The approximation they are referring to is likely the one given by convolving $f$ with the heat kernel. Define $$ f_t(x) = \int f(y)p(x,y;t)\,dy. $$ Note that you can readily find proofs of the claim that are technically simpler, though similar in spirit, if the function $f$ is assumed to be much nicer like a Schwartz function, or smooth and compactly supported, or even integrable. A proof of this particular result only assuming that $f_t(x)$ is well-defined can be found in Widder's book The Heat Equation, end of p.65, through to the top of p.68.
Here is a sketch of why the result is true.

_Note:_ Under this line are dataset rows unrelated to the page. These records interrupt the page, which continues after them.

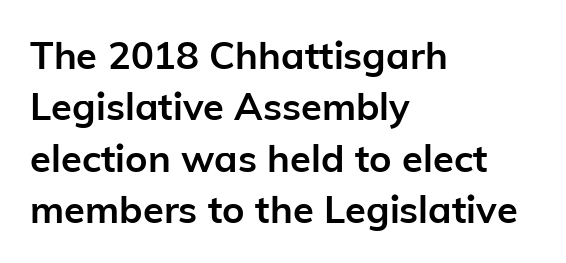
Q: Is the text bold? A: Yes.
Q: Is the text italic (slanted)? A: No, it is upright.
Q: Is the typeface a serif or a sans-serif typeface? A: Sans-serif.
Q: Is the text underlined? A: No.
Q: How is the paragraph aligned? A: Left-aligned.
Q: Is the spacing between letters normal or unusually wide? A: Normal.
Q: Is the spacing between lines tight, normal or loose? A: Normal.
Q: Width (condensed, normal, or wide)? A: Normal.
Q: Stroke contrast? A: Low.
Q: x-height? A: Medium.
Q: Monospaced? A: No.
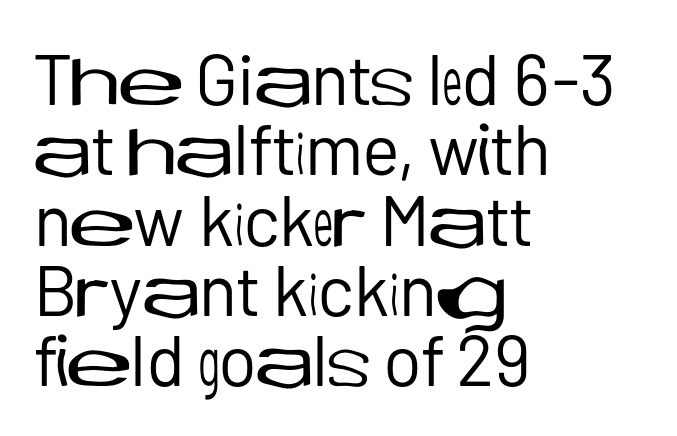
Are there feet on the stems? There aren't — it's a sans. Stem width sits at or under what a default text font uses. The paragraph has a hard left edge and a soft right edge. Is this a fixed-width face? No — the glyphs have proportional, varying widths. This block would grow much taller if given ordinary leading; it's compressed now.

There are details that need to be worked out, so think of this more as intuition rather than a proof.
Claim 0: $f_t(x)$ is well-defined (by the assumption that $f(\cdot)p(x,\cdot\,;t)$ is integrable). In fact, $f$ is locally integrable by this assumption.

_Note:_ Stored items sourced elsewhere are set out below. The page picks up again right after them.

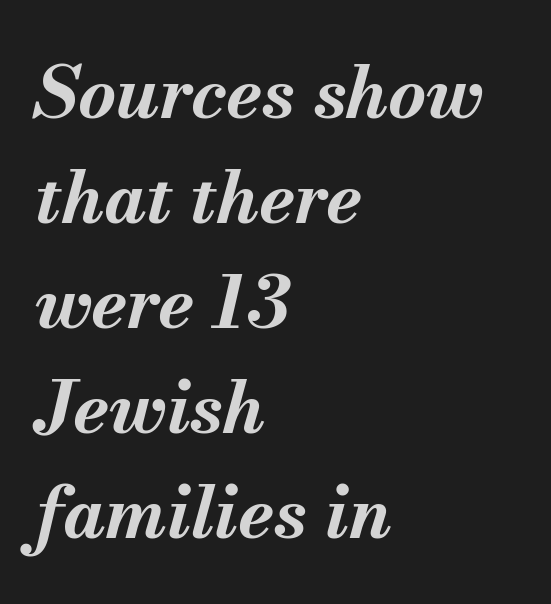
The image shows 73 px bold type, italic (leaning right); set left-aligned, normal line spacing (1.44x), normal letter spacing, not underlined; medium stroke contrast and a small x-height.
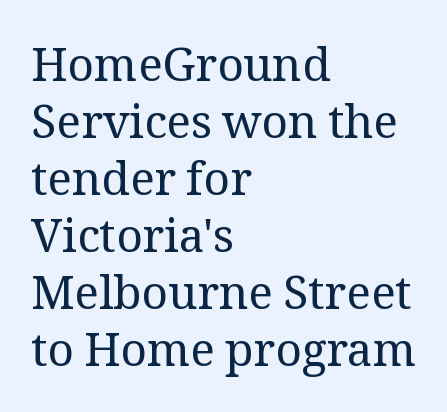
The image shows 46 px regular-weight serif type, upright; set left-aligned, line spacing 1.24x, normal letter spacing, not underlined; medium stroke contrast and a medium x-height.
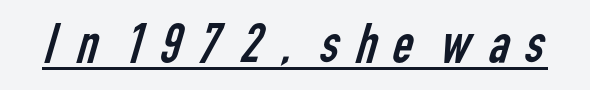
The image shows 57 px regular-weight, condensed sans-serif type; set underlined; low stroke contrast and a medium x-height.
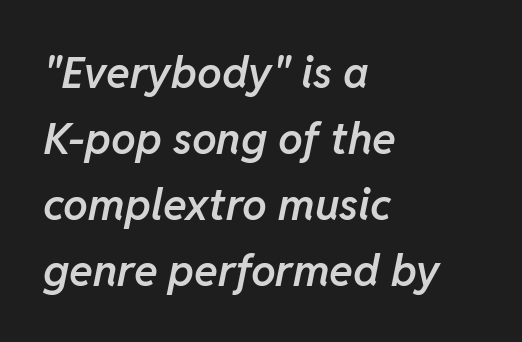
{"italic": "yes", "lean": "right", "slant_degrees": 11, "bold": "semi", "weight": "semibold", "width": "normal", "stroke_contrast": "low", "x_height": "medium", "monospaced": "no", "underline": "no", "align": "left", "line_spacing": "normal", "line_spacing_ratio": 1.5, "letter_spacing": "normal", "letter_spacing_em": 0.0, "glyph_px": 44}

Claim 1: $f_t(x)$ is continuous as a function of $x$.
Sketch. It comes down to proving for a fixed $x$ that $$\int f(y)[p(x+h,y;t)-p(x,y;t)]\,dy \to 0\quad\text{as $h\to 0$}.$$ We know $p(x+h,\cdot\,;t)$ is roughly concentrated in the ball of radius $t^{\frac12}$ centered at $x+h$, and similarly $p(x,\cdot\,;t)$ is concentrated near $x$. As $h$ gets small, we will see a lot of cancellation.
More concretely, you could try the following. For fixed $x$, $p(x+h,y;t)-p(x,y;t)\to 0$ uniformly for $y$ satisfying $|x-y|\le 100\,t^{\frac12}$ as $h\to 0$. For $|x-y|\ge 100\,t^{\frac12}$, use the mean value theorem to estimate $|p(x+h,y;t)-p(x,y;t)|$. Laplace's method is also relevant in this connection, and is brought up in Widder's exposition, too.

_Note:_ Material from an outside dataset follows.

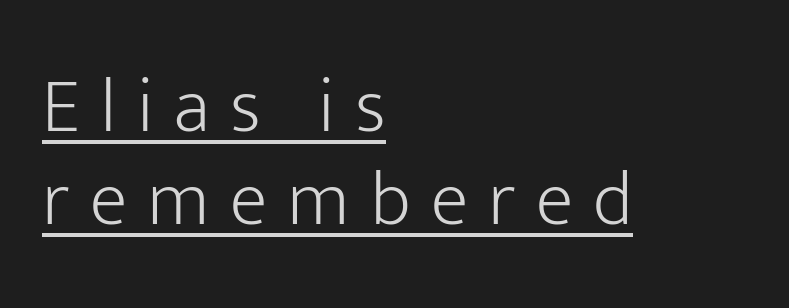
The rendered words wear a rule along their underside. Where is the straight margin? On the left. Character widths vary here, with narrow letters taking less room than wide ones. The horizontal fit of the characters is loose and conspicuously gappy. Tall strokes in this sample are plumb rather than angled. The font family rendered here belongs to the sans-serif group.

Claim 2: $f_t(x)\to f(x)$ $x$-a.e. as $t\to 0^+$.
By definition, $f_t(x) = (f\ast \mathcal H_t)(x)$, where $\mathcal H_t(x) := p(x,0;t)$ is the heat kernel. Intuitively, $$\mathcal H_t\approx \frac{\chi_{B(0,t^{\frac12})}}{|B(0,t^{\frac12})|},$$ or in other words, $(f\ast \mathcal H_t)(x)$ looks a lot like the average value of $f$ on the ball $B(x,t^{\frac12})$. By the Lebesgue differentiation theorem, we know that for a locally integrable $f$, and a.e. $x$, $$ (f\ast \frac{\chi_{B(0,t^{\frac12})}}{|B(0,t^{\frac12})|})(x)\xrightarrow{t\to 0^+} f(x), $$ so it is plausible that this holds for $f\ast \mathcal H_t$, too. One way to prove this may be to mimic the proof of the Lebesgue differentiation theorem and work with the maximal function $$ \mathcal M_{heat}f(x) := \sup_{t>0}|f\ast \mathcal H_t|(x), $$ and prove that it satisfies the weak-type estimate: $$ \text{measure}(\{x: \mathcal M_{heat}f(x) > \lambda\})\le \frac{\text{const}}{\lambda}\int |f| $$ for all $f\in L^1$. I would be interested to know if this approach works to prove the claim under the assumption that $f_t(x)$ is well-defined, rather than assuming $f\in L^1$.